Маша берет у Кати тряпочку, старается стереть с пакета клей, а он пузырями лезет из дырок по углам.
- Хорош! - посмеиваются девчонки.
- Придется признаться, плохо! - говорит Иван Егорович.
Первый рабочий день пролетел мгновенно: горы пакетов, мелькание рук; Лелькины задорные частушки; уверенный, грудной голос Маши Смагиной, когда запевала она торжественный «Интернационал»; Валькина «Цыганочка» и Машины слёзы; усталое лицо Ивана Егоровича, появившееся среди девчоночных лиц; перекличка и гул голосов. Словом все впечатления дня слились в сознании Лены в одну волнующую гамму, когда, после работы и шумного обеда пришла она в общежитие и бросилась на свою койку.

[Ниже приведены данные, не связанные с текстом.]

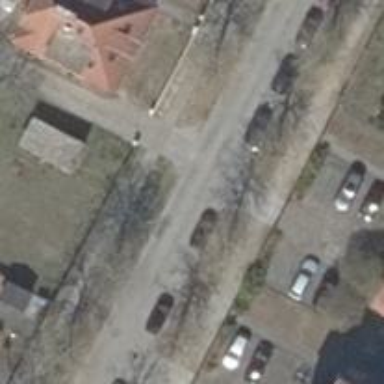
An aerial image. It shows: Residential road with sidewalks on both sides.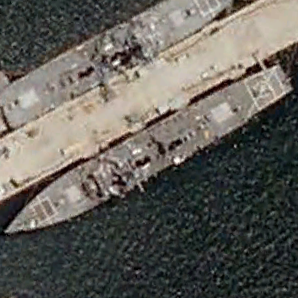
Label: destroyer

Первое, что дошло до её сознания здесь, в этой комнате, когда понемногу стала она приходить в себя, был стук дождя за окном и голос Стёпы:
«Мы все шли и шли. Много нас! Очень трудно было идти и холодно, так холодно, что себя я не не чувствовала совсем, будто помертвела вся, даже ветер колоть перестал. Есть хотелось, ой! А до города далеко было, - рассказывала Стёпа и Лена удивилась, почему в её голосе вспыхивали радостные нотки.
Из под руки она посмотрела в сторону голоса и увидела Гаянэ. Она наклонилась к Стёпе близко, рука её лежала рядом с её рукой, а взгляд был внимательный и тёплый, очень тёплый. И вдруг Лене стало понятно, почему в стёпином голосе радость. Конечно, это была самая трудная дорога в её жизни, а о трудном хочется всегда рассказать. Чтобы знали, что ты не маленькая, а уже что-то пережила. И чтобы слушали тебя с уважением и понимали. А когда понимают — всегда радостно.
Бабушка говорила когда-то, что каждому человеку встречается своя трудная дорога на жизненном пути и ему всегда кажется, что она труднее, чем у других.
«Нужно уметь выслушивать и понимать людей», - говорила она.
А Стёпу до сих пор некому было выслушать. А Гаянэ слушала и не говорила: «Это что! А вот у меня было...»
Но Лена не позавидовала Стёпе, потому что чувствовала и свою вину перед ней.
Совсем близко сидела Блюма, взрослая девочка с круглым лицом и выпуклыми глазами. Она улыбнулась Лене. Лена тоже ей улыбнулась.
Малявки громко обсуждали Валькино поведение.
- Целый день спала над столом. Всего десятка два боковинок заклеила. Ни одно готового пакета! - живо рассказывала Феня, будто бы только для Ийки, а на самом же деле, чтобы слышали все.
- И сейчас спит в третьей спальне, хош стреляй! - осуждающе ворчит Катя, вертя в  руке клочок вышитой тряпочки и соображая, где бы на ней ещё что-то вышить.
- Ну и пускай спит, - басит Настя, - раскудахтались. И я спать буду. А что делать больше!
Лена с Блюмой переглядываются и чувствуют, что наступило время подойти друг к другу.
Лена делает движение вперед и Блюма подвигается на своей койке.
А по оконному стеклу, оставляя за собой неровный след, неуверенно стекает последняя дождевая капля, бежит, как слеза, и останавливается, чтобы испариться совсем.